Back in 2011, we covered the strange story of biochemist Judy Mikovits, who co-authored a controversial (and subsequently retracted) paper in the journal Science and eventually lost her prestigious position with a research institution. Now Mikovits is back in the news, having spent the ensuing years reinventing herself as a staunch anti-vaccine crusader.
The COVID-19 pandemic has given her a new conspiracy to tout, this time targeting Dr. Anthony Fauci, director of the National Institute of Allergy and Infectious Diseases at NIH, who has become a prominent public spokesperson during the outbreak. Two interviews in particular have been spreading rapidly on social media, prompting YouTube and Facebook to remove both video clips for spreading medical misinformation during a global pandemic—a violation of their current policies
In 2007, Mikovits met Robert Silverman at a conference. Silverman had co-discovered a retrovirus known as XMRV, closely related to a known virus from mice. He told her he had found XMRV sequences in specimens from prostate cancer patients, although other labs, using different sets of patients, could find no evidence of a viral infection. Nonetheless, this prompted Mikovits to use the same tools to look for XMRV in samples from patients suffering from chronic fatigue syndrome (CFS)—a disorder some had claimed was purely psychosomatic.

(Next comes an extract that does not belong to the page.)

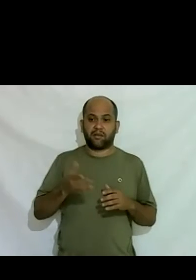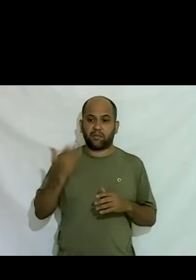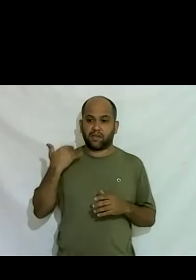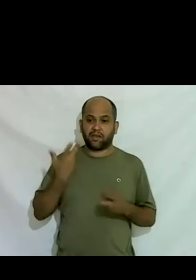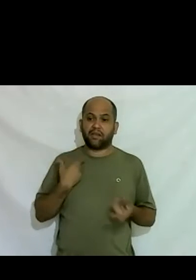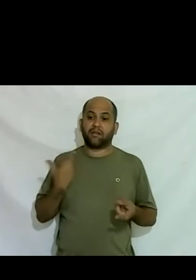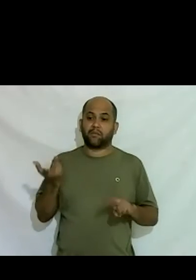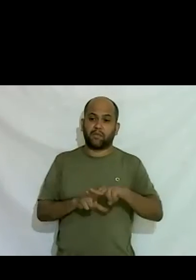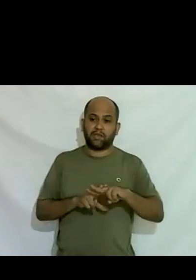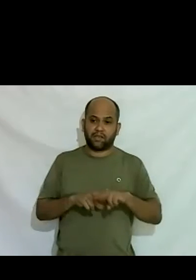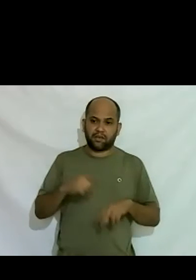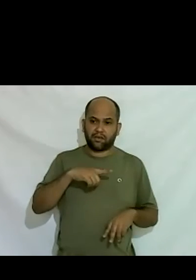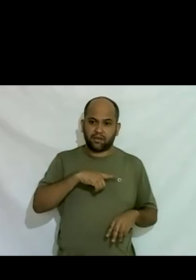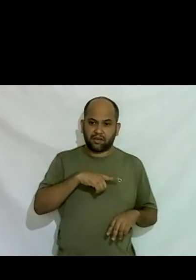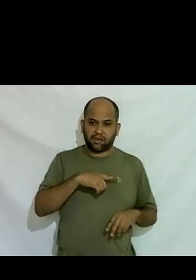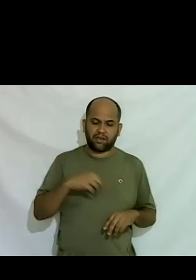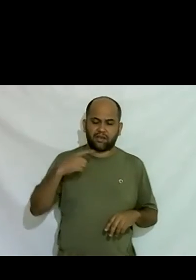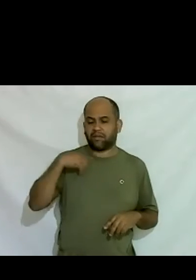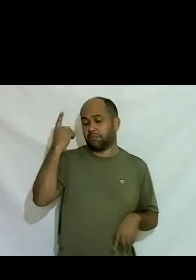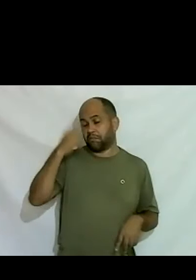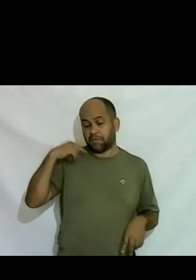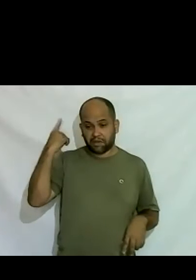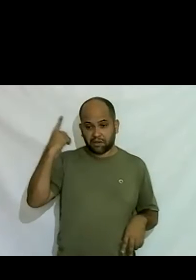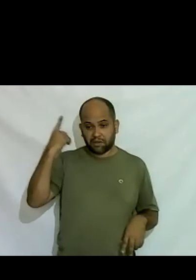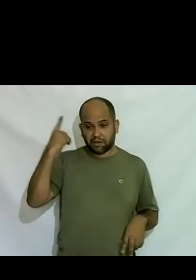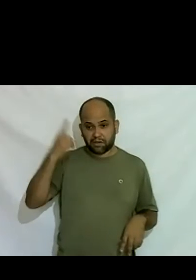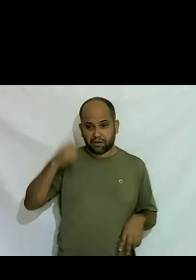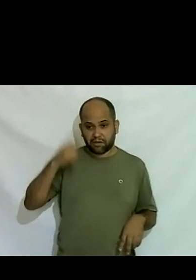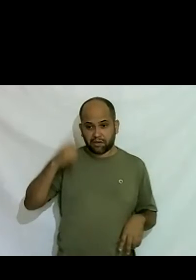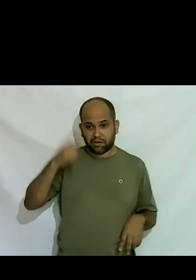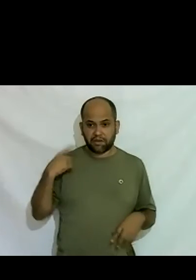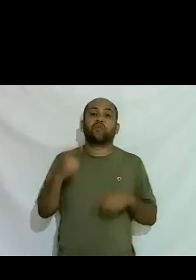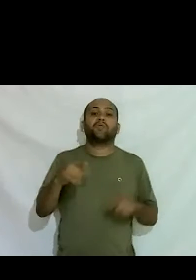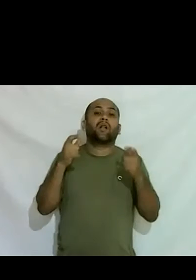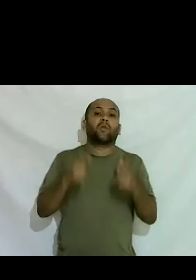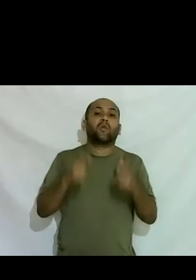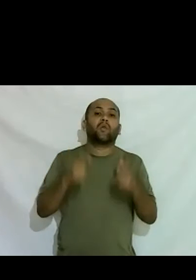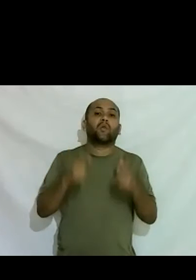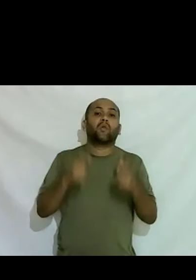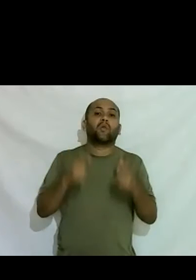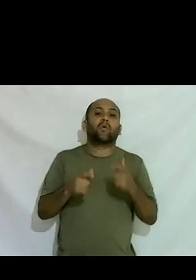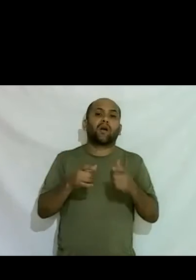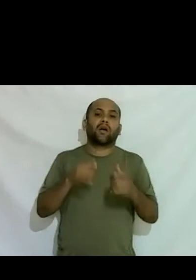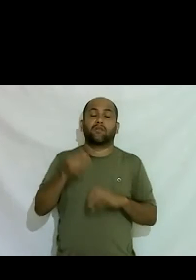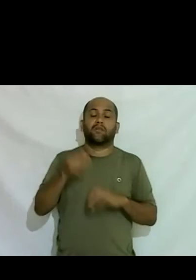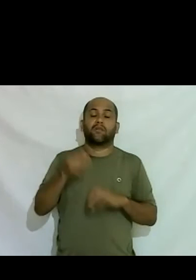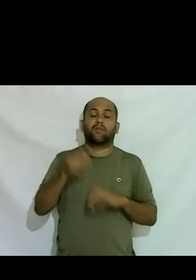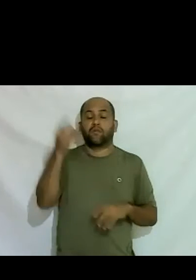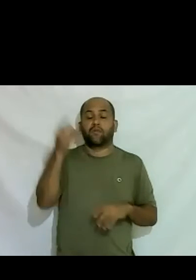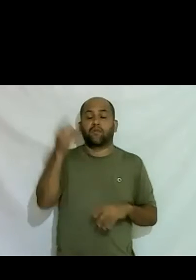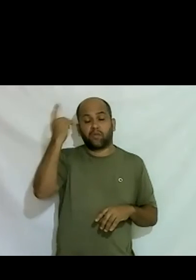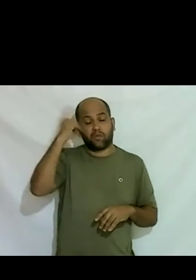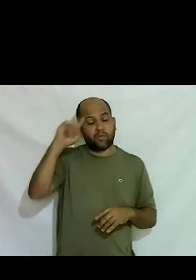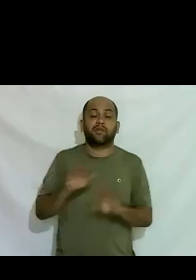presas era uma loucura não havia espaço não havia informação eu não sabia o que acontecia comigo

In 2009, Mikovits co-authored the now-retracted Science paper, reporting evidence of the XMRV retrovirus in samples from patients suffering from CFS, suggesting it might cause the condition. It was retracted after other laboratories failed to replicate the results, and subsequent tests revealed the original results to be the result of sample contamination.
But Mikovits refused to back down from her claims. She was fired as research director of the Whittemore Peterson Institute for Neuro-Immune Disease for “insubordination” after refusing to supply a cell line used in her work to a former collaborator. In perhaps the strangest twist of all, Mikovits was briefly arrested after absconding with her lab notebooks and computer files—legally the property of the institute.